Waiting for pod default/busybox to be running, status is Pending, pod ready: false
Waiting for pod default/busybox to be running, status is Running, pod ready: false
Waiting for pod default/busybox to be running, status is Running, pod ready: false

/ # traceroute 10.252.158.72
traceroute to 10.252.158.72 (10.252.158.72), 30 hops max, 46 byte packets
 1  10.252.61.1 (10.252.61.1)  0.005 ms  0.012 ms  0.001 ms
 2  *  *  *
 3  *  *  *
 4  *  *  *
 5  *  *  *
/ #
/ # traceroute 10.252.100.5
traceroute to 10.252.100.5 (10.252.100.5), 30 hops max, 46 byte packets
 1  10.252.61.1 (10.252.61.1)  0.005 ms  0.004 ms  0.002 ms
 2  *  10.252.100.0 (10.252.100.0)  0.487 ms  0.241 ms
 3  10.252.100.5 (10.252.100.5)  0.141 ms  0.563 ms  0.132 ms
/ # exit

For the context, 10.252.100.5 is the IP of the service, as shown in the command below.

1
2
3
4
5
6
7
8
9
10
11
12
mymac:private_cloud tdongsi$ kubectl --kubeconfig kubeconfig describe services
Name:         jenkins
Namespace:        default
Labels:           <none>
Selector:     name=jenkins
Type:         NodePort
IP:           10.252.77.85
Port:         http    80/TCP
NodePort:     http    30080/TCP
Endpoints:        10.252.100.5:8080
Session Affinity: None
No events.

What went wrong?

It’s a newbie mistake when configuring Kubernetes.
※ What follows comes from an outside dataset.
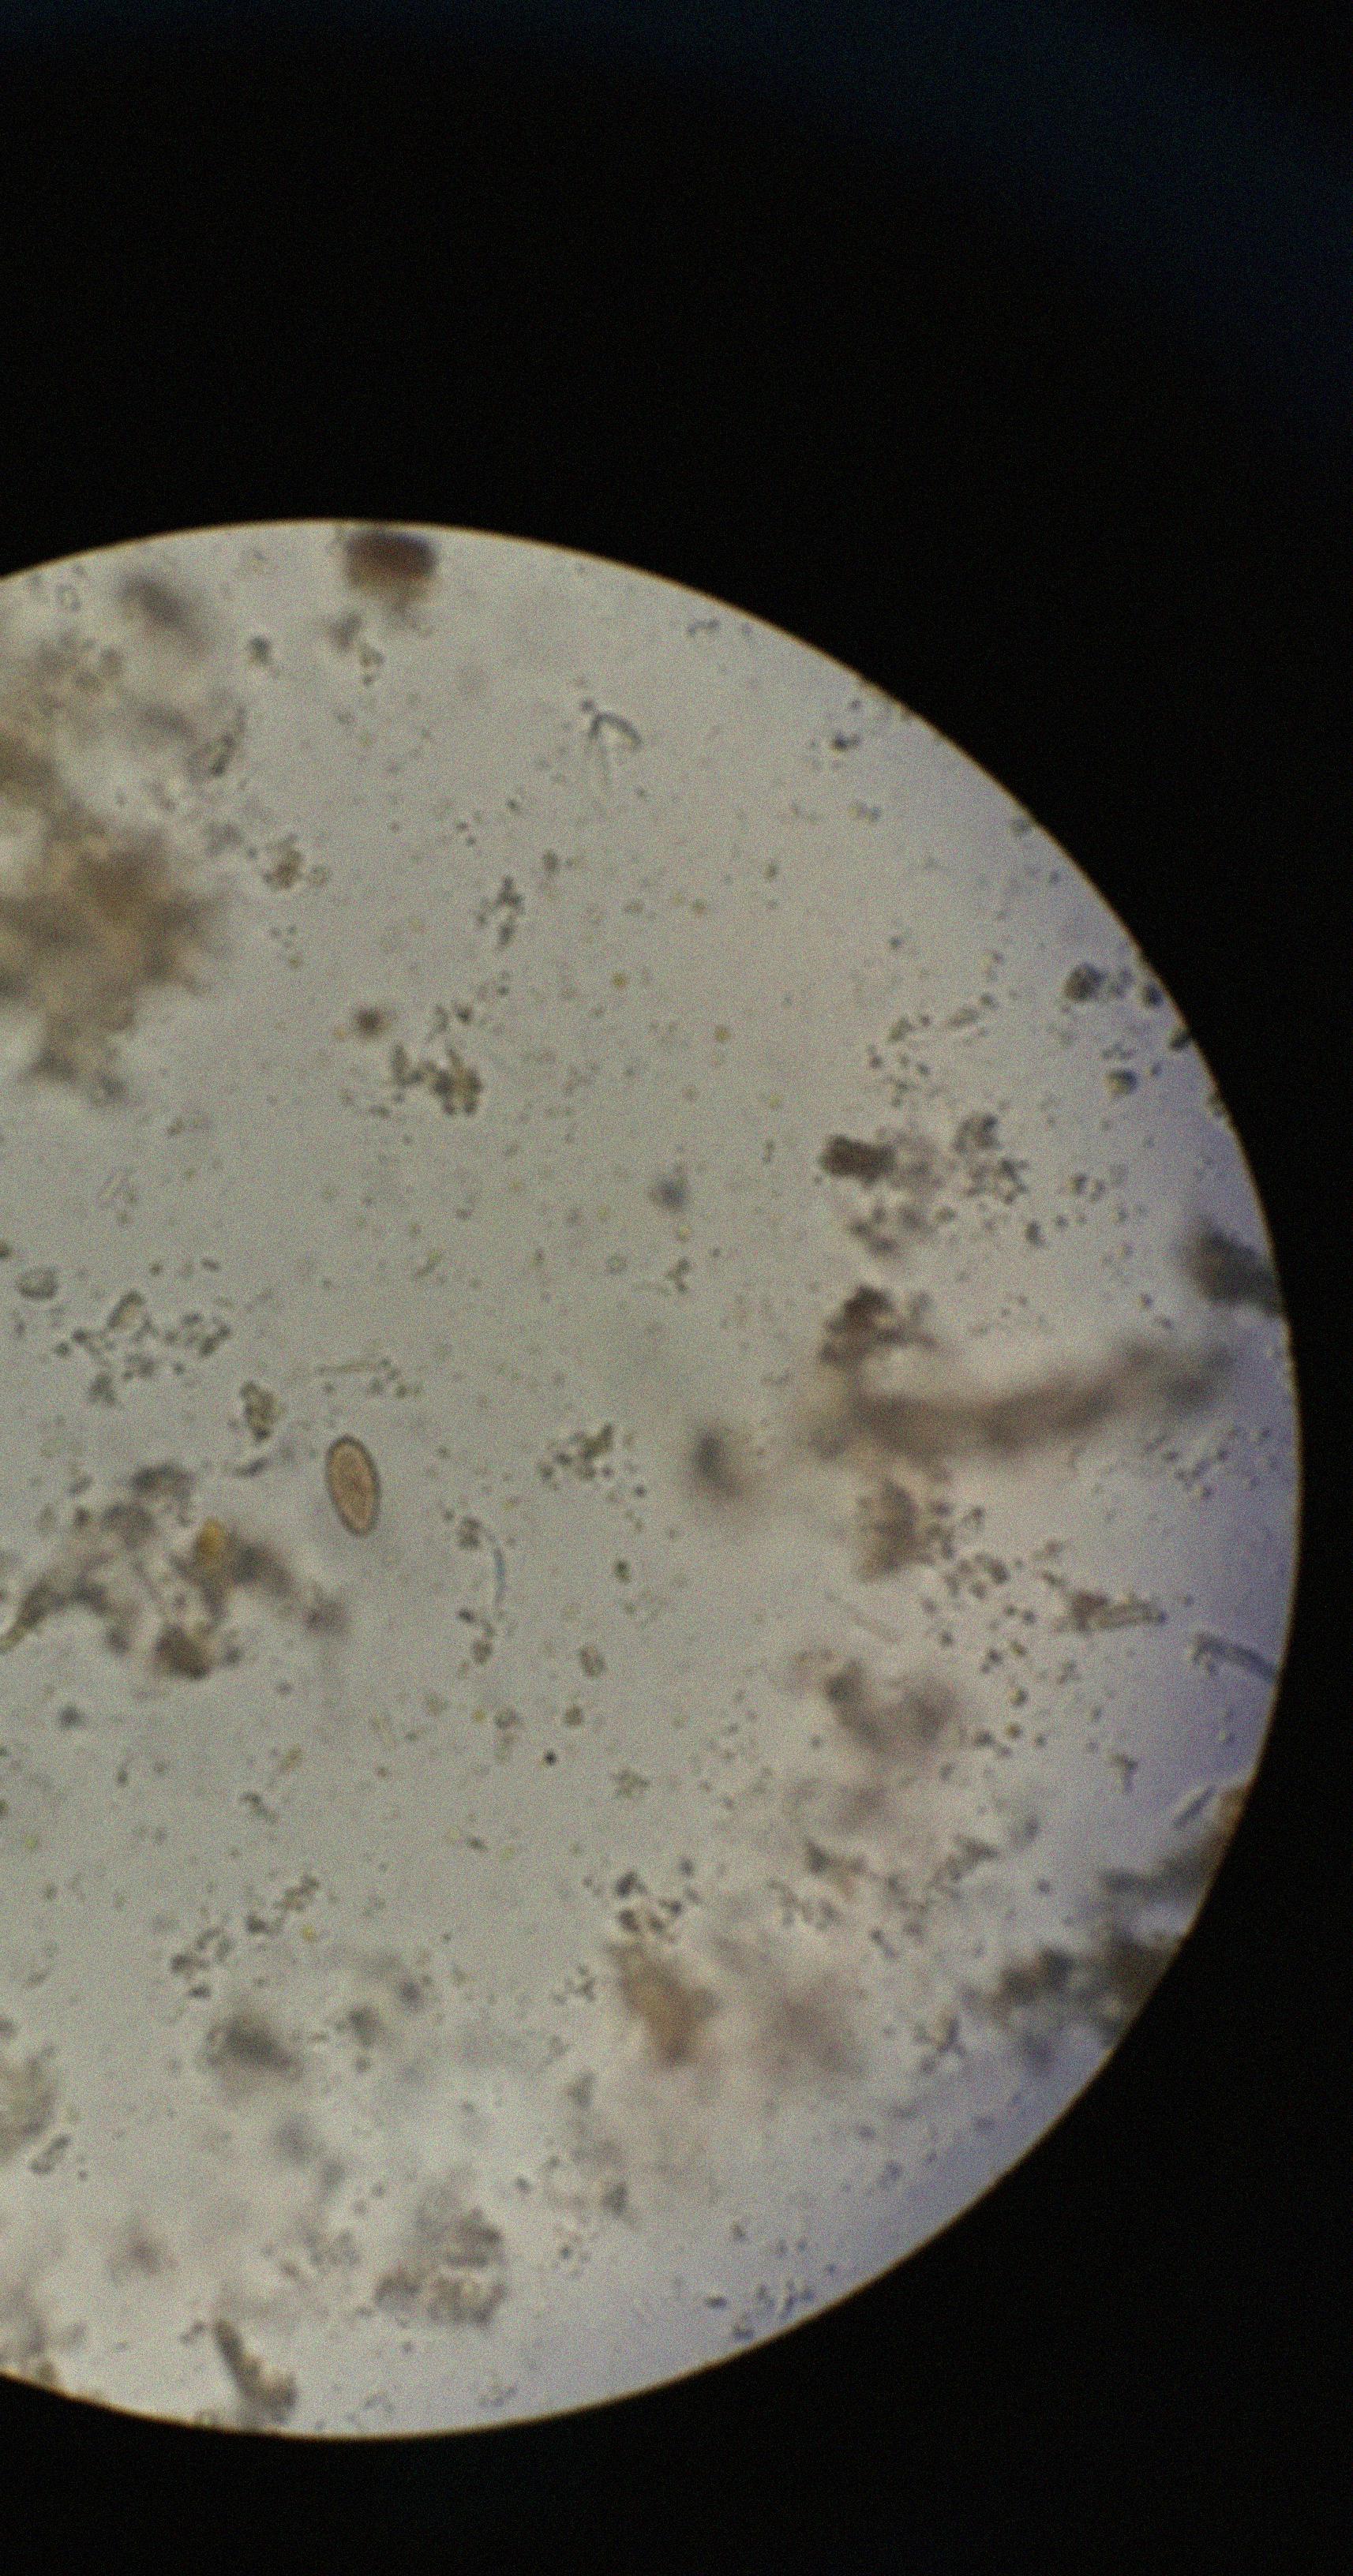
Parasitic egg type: Opisthorchis viverrine

When setting up etcd and configuring it to hold flannel configuration, it is important to pick an unused network. I made a mistake for using 10.252.61.0/16 for flannel when some of my kubernetes nodes has IPs as “10.252.xxx.xxx”. As a result, kube-proxy services intercept the traffic from the container and thinks its a virtual traffic since my node IP happens to be in the same subnet with flanneld. This leads to pod-to-VM communication loss as described above. The solution is simply reset flanneld with another subnet after resetting configruation value in etcd to “172.17.0.0/16”.

Update etcd
1
2
3
4
5
6
[centos@kube-master ~]$ etcdctl update /kube-centos/network/config \
"{ \"Network\": \"172.17.0.0/16\", \"SubnetLen\": 24, \"Backend\": { \"Type\": \"vxlan\" } }"

[centos@kube-master ~]$ etcdctl rm --recursive /kube-centos/network/subnets
[centos@kube-master ~]$ etcdctl ls /kube-centos/network
/kube-centos/network/config

After this, we can reset and restart flannel services on all nodes to use the new network overlay configuration.